EXERCISE AIM: Copy without pictures. Please restate each line of the listing exactly.
-*-
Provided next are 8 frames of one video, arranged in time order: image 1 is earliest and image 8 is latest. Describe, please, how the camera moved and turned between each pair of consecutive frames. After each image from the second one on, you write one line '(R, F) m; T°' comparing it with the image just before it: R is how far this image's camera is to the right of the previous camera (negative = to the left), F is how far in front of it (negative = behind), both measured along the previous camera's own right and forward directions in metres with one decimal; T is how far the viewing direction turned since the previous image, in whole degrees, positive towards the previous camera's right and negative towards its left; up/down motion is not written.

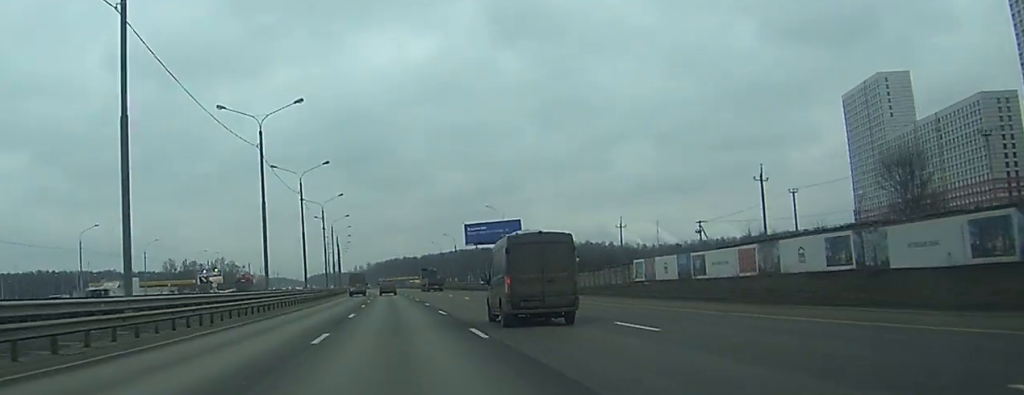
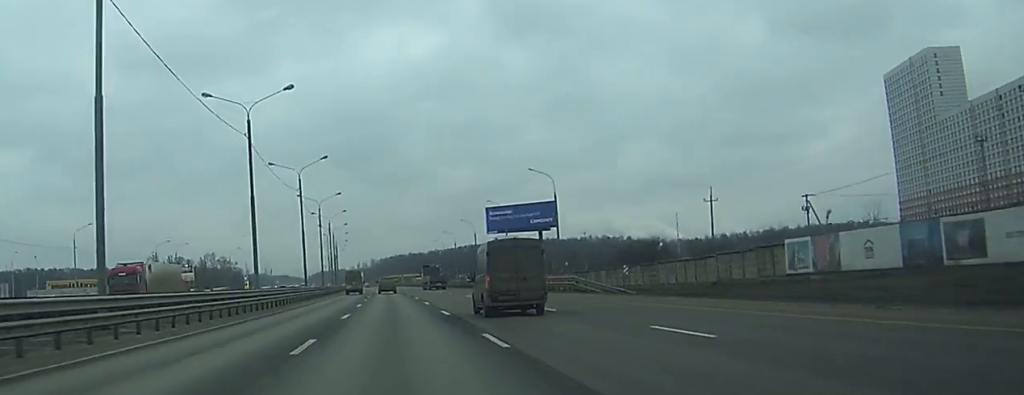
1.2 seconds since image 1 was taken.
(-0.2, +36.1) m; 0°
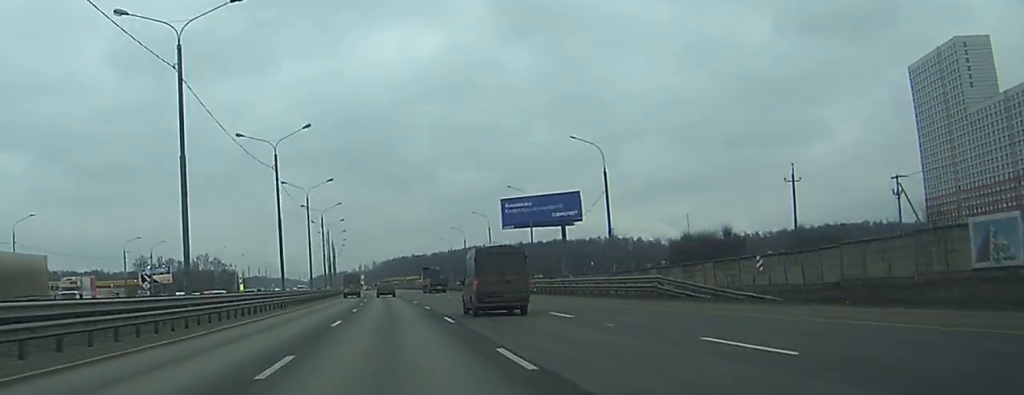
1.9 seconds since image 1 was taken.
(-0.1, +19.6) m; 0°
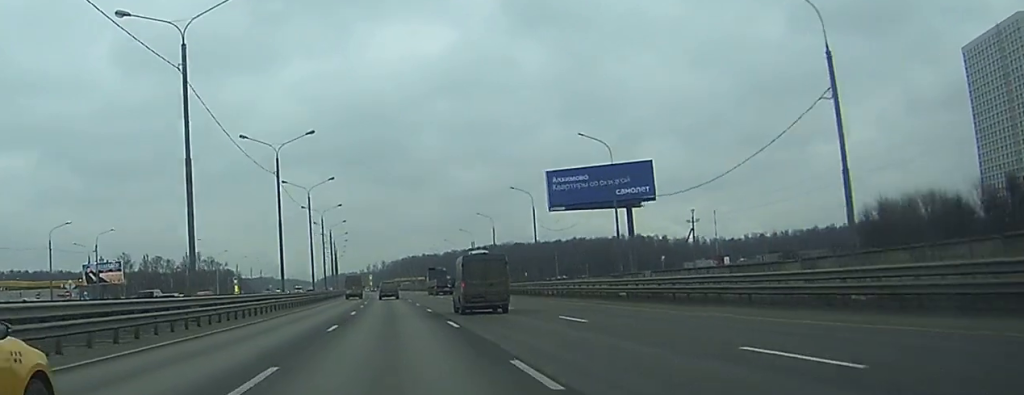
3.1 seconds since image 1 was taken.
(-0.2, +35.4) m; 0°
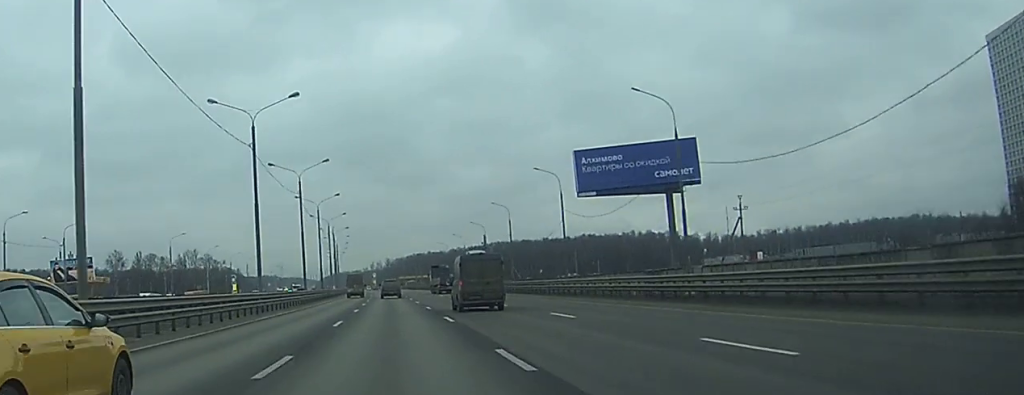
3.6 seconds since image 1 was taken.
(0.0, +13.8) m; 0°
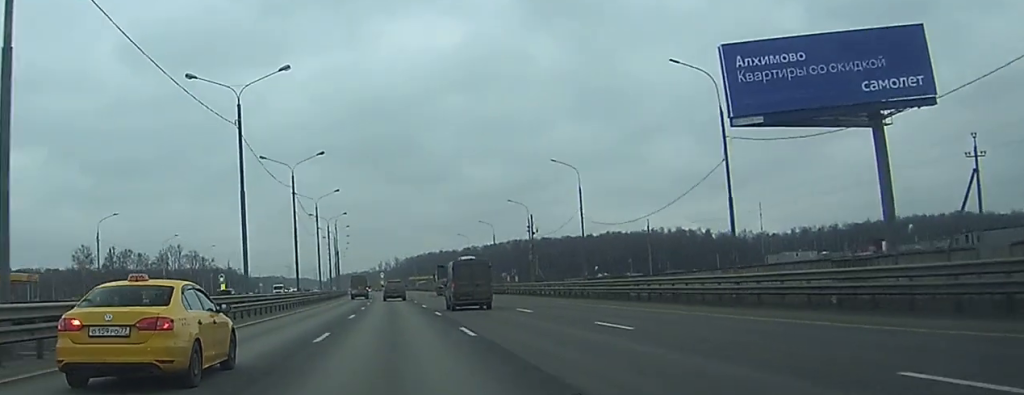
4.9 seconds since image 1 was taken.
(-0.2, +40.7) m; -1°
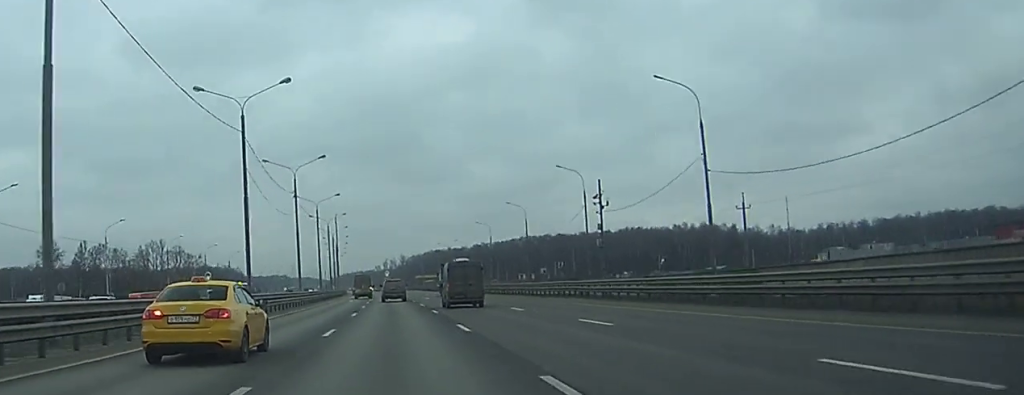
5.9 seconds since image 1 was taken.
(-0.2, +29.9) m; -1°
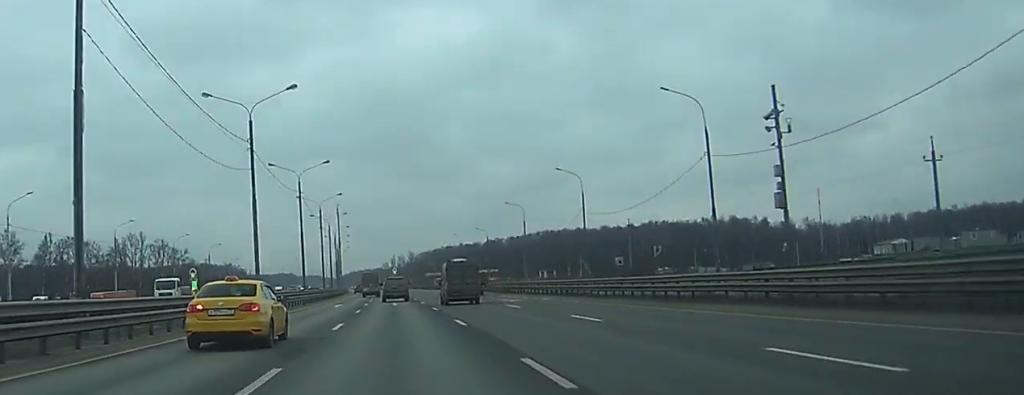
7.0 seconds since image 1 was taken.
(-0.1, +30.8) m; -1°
-*-
SOLUTION TO THE PROBLEM:
Provided next are 8 frames of one video, arranged in time order: image 1 is earliest and image 8 is latest. Describe, please, how the camera moved and turned between each pair of consecutive frames. After each image from the second one on, you write one line '(R, F) m; T°' comparing it with the image just before it: R is how far this image's camera is to the right of the previous camera (negative = to the left), F is how far in front of it (negative = behind), both measured along the previous camera's own right and forward directions in metres with one decimal; T is how far the viewing direction turned since the previous image, in whole degrees, positive towards the previous camera's right and negative towards its left; up/down motion is not written.

1.2 seconds since image 1 was taken.
(-0.2, +36.1) m; 0°
1.9 seconds since image 1 was taken.
(-0.1, +19.6) m; 0°
3.1 seconds since image 1 was taken.
(-0.2, +35.4) m; 0°
3.6 seconds since image 1 was taken.
(0.0, +13.8) m; 0°
4.9 seconds since image 1 was taken.
(-0.2, +40.7) m; -1°
5.9 seconds since image 1 was taken.
(-0.2, +29.9) m; -1°
7.0 seconds since image 1 was taken.
(-0.1, +30.8) m; -1°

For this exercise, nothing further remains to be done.